A rain garden acts like a native forest by collecting , absorbing , and filtering storm-water runoff from roof tops , driveways, patios, and other areas that don't allow water to soak in. Rain gardens are created as shallow depressions that:
Can be shaped and sized to fit your yard.
Are constructed with soil mixes that allow water to soak in rapidly and support healthy plant growth.
Can be landscaped with a variety of plants to fit the surroundings.
Rain gardens are one of the most versatile and effective tools in a new approach to managing storm-water called low impact development (LID). An LID project may incorporate several tools to soak up rain water , reduce storm-water runoff , and filter pollutants. Some examples of these tools include permeable paving , compost-amended soils, vegetated roofs , rainwater collection systems and rain gardens.
Rain gardens provide multiple benefits, including:
Filter oil and grease from driveways, pesticides and fertilizers from lawns, and other pollutants before they reach the storm drain and eventually streams, wetlands, lakes and marine waters.

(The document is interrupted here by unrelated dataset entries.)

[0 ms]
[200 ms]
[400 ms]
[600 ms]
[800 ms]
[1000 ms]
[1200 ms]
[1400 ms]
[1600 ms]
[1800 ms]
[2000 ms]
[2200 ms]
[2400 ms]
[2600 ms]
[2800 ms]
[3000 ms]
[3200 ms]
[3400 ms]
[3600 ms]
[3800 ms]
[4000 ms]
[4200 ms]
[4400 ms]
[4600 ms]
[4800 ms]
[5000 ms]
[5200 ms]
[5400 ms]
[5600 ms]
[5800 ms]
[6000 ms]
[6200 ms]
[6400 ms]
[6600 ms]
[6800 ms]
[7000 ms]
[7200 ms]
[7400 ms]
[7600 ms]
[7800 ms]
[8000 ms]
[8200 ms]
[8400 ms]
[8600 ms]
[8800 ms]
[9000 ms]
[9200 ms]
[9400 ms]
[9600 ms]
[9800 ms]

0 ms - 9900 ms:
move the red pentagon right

Reduce flooding on neighboring property, overflow in sewers, and erosion in streams by absorbing water from impervious surfaces.
Provide habitat for beneficial insects and birds.

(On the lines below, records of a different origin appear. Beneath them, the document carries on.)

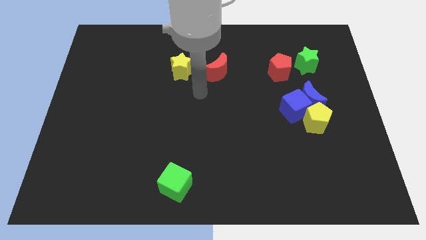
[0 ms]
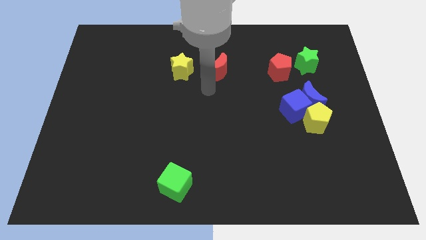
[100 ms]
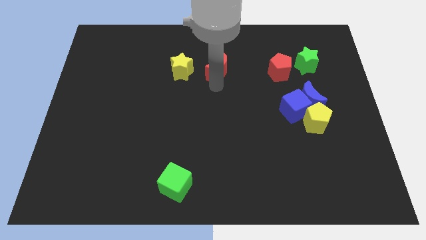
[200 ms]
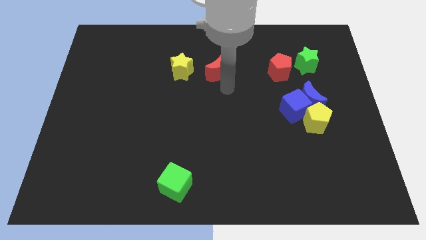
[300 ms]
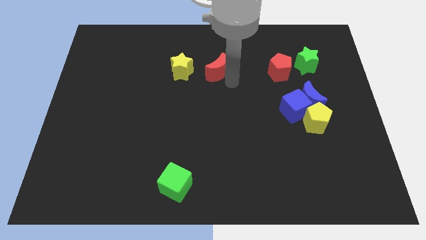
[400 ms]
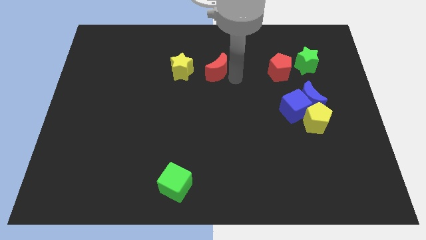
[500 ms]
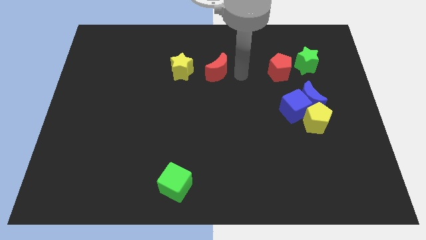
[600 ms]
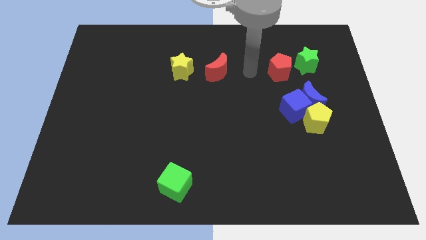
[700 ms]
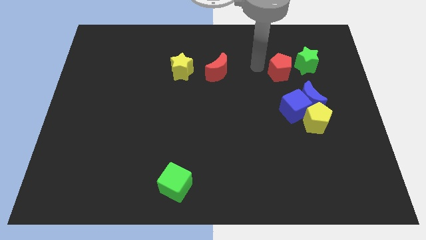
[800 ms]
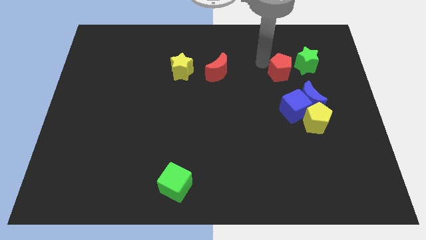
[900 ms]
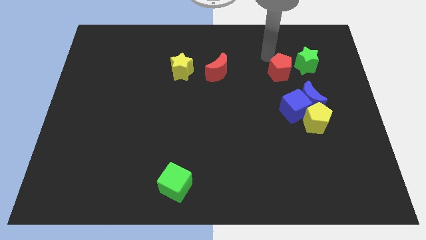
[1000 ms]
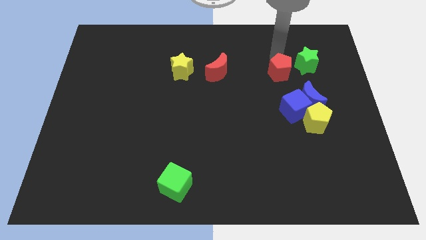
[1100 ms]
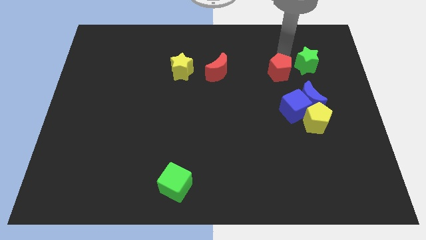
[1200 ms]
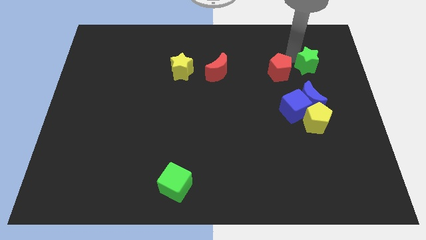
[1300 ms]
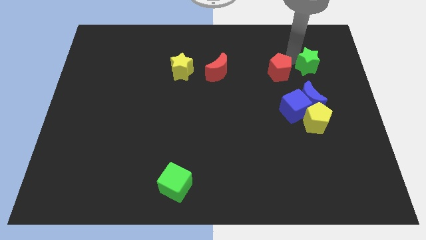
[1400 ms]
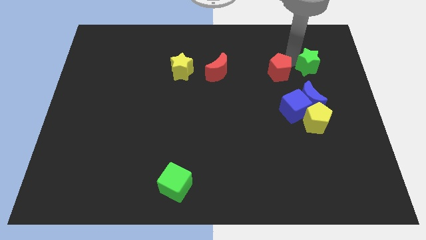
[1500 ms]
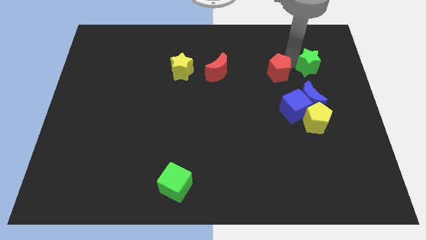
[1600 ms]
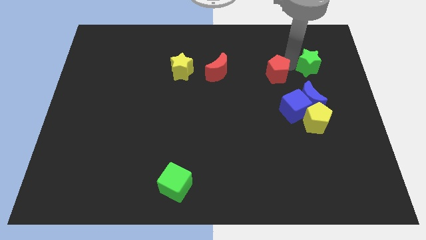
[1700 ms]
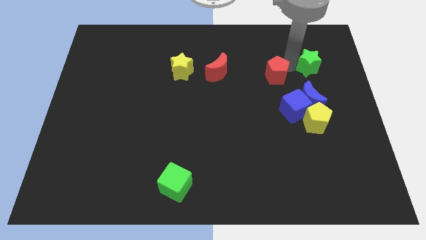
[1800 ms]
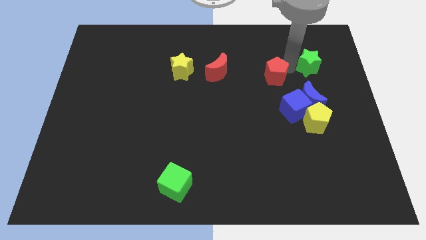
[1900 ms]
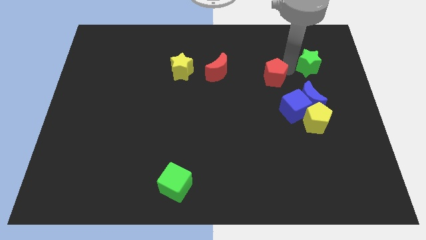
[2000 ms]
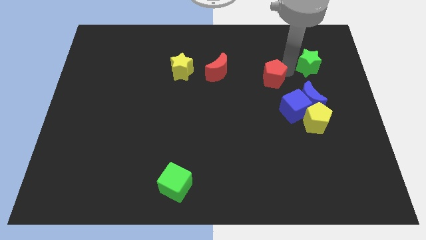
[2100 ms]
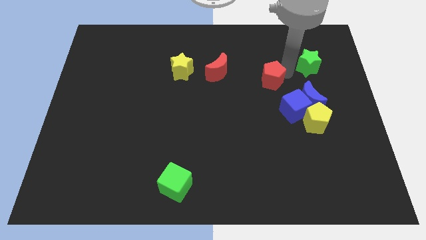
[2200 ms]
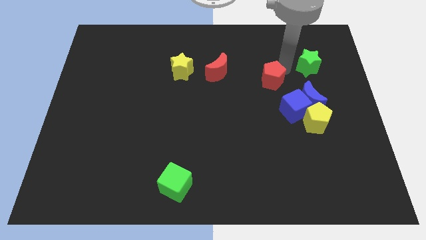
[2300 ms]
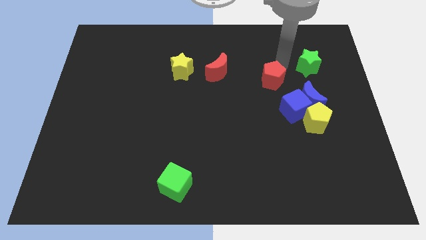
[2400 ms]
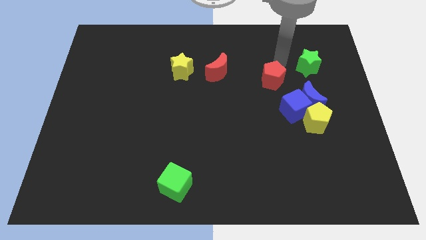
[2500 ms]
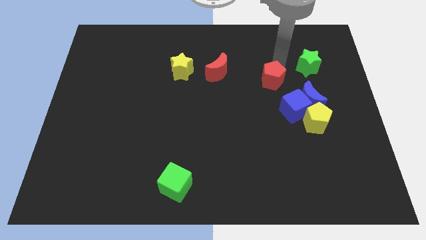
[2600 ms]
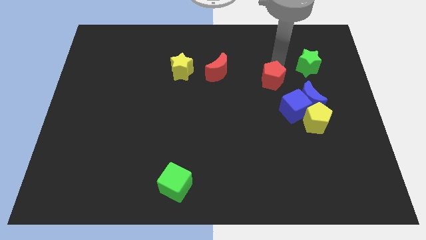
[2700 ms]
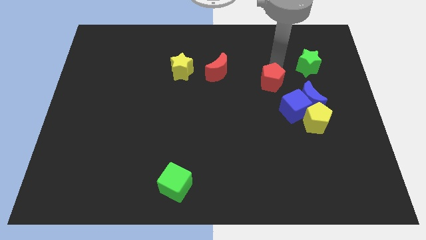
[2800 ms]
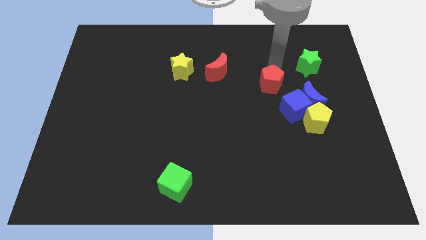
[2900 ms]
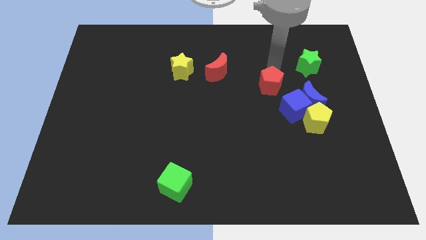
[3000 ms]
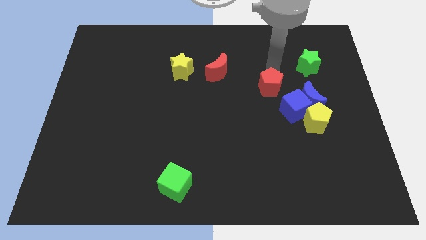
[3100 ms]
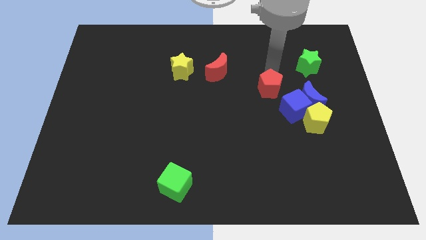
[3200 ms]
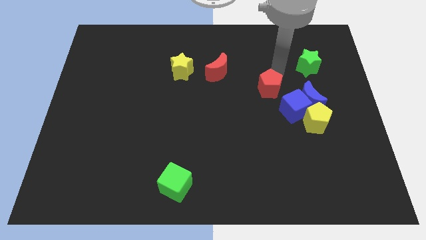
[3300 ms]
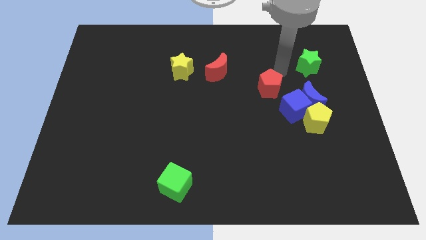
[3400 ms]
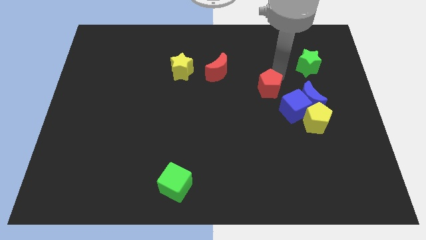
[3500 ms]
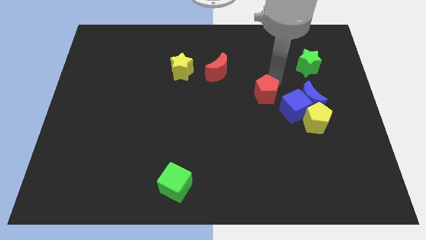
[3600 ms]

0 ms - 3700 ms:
slightly move the red pentagon down

Increase the amount of water that soaks into the ground to recharge local groundwater.
Rain gardens are low maintenance, but not NO maintenance. You worked hard to create your rain garden, and to keep it working well for you and looking its best , some regular care is required.
For the first two to three years most plants need deep watering during the dry season to establish healthy root systems. If you have selected the appropriate natives or plants, then the rain garden will need little or no watering after two or three years. However, watering may be necessary during prolonged dry periods even if plants are established. During these periods watch for signs of stress, such as wilting leaves.

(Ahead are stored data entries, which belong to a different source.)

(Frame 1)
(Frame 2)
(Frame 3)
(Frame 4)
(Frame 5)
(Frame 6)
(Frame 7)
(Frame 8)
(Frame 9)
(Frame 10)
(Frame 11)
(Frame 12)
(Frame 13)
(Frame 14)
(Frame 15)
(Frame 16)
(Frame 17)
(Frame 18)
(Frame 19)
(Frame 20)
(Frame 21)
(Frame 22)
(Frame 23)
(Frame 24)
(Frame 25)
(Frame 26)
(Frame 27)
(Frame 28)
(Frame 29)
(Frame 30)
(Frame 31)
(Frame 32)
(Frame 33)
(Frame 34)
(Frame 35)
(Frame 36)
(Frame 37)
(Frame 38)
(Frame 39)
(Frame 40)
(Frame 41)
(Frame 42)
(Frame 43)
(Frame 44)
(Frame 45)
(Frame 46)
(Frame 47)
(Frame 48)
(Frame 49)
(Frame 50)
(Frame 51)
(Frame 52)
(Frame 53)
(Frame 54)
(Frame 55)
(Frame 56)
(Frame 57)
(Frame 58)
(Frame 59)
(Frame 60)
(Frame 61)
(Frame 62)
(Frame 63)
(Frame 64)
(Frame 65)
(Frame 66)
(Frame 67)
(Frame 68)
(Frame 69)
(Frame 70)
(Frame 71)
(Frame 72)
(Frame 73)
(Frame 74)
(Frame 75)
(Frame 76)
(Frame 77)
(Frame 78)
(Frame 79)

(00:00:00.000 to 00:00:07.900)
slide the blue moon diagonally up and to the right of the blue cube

Water deeply, but infrequently, so that the top 6 to 12 inches of the root zone is moist. To know if you're applying enough water , dig down 12 to 18 inches off to the side of the plant a few hours after watering- don't disturb the roots.
Use soaker hoses or spot water with a shower type wand.
Mulch your rain garden. Check the mulch level every year , 2-3 inches of shredded hardwood mulch should be applied in the spring, or if bare areas appear , more often. Mulch keeps the garden moist and sponge like, ready to absorb rain. Mulch areas along the sides and bottom of the rain garden. This prevents a hard pan from developing on the surface of the garden. Mulch protects the plants in the garden as they get established and makes it easier to weed.
Rain gardens will still soak up and filter storm-water even if weeds are present. Soils in rain gardens have good structure, so weeds should be easy to pull by hand, especially in the spring when the soil is moist and the weeds are small.
Dig or pull weeds out by the roots before they go to seed.
Exposed soil and erosion
Sediment flowing into the rain garden can clog the soil mix and slow drainage. Sediment carried out of the rain garden can harm streams and wetlands in many ways, some of which include transporting pollutants, covering fish spawning areas , and filling in stream channels and pools. If erosion persists in the rain garden , too much water may be flowing into the garden too rapidly. In this case, the slope of the pipe or swale directing water to the garden or the amount of water may need to be reduced.
Remember, rain gardens can be an integral part of our storm-water management and environmental approach. Their use doesn't involve a lot of centralized planning. They don't require much space, can be fitted into oddball shapes, and can readily added to existing buildings. They look nice, and you don't need to be an engineer to build one. Anyone can make a rain garden - including you!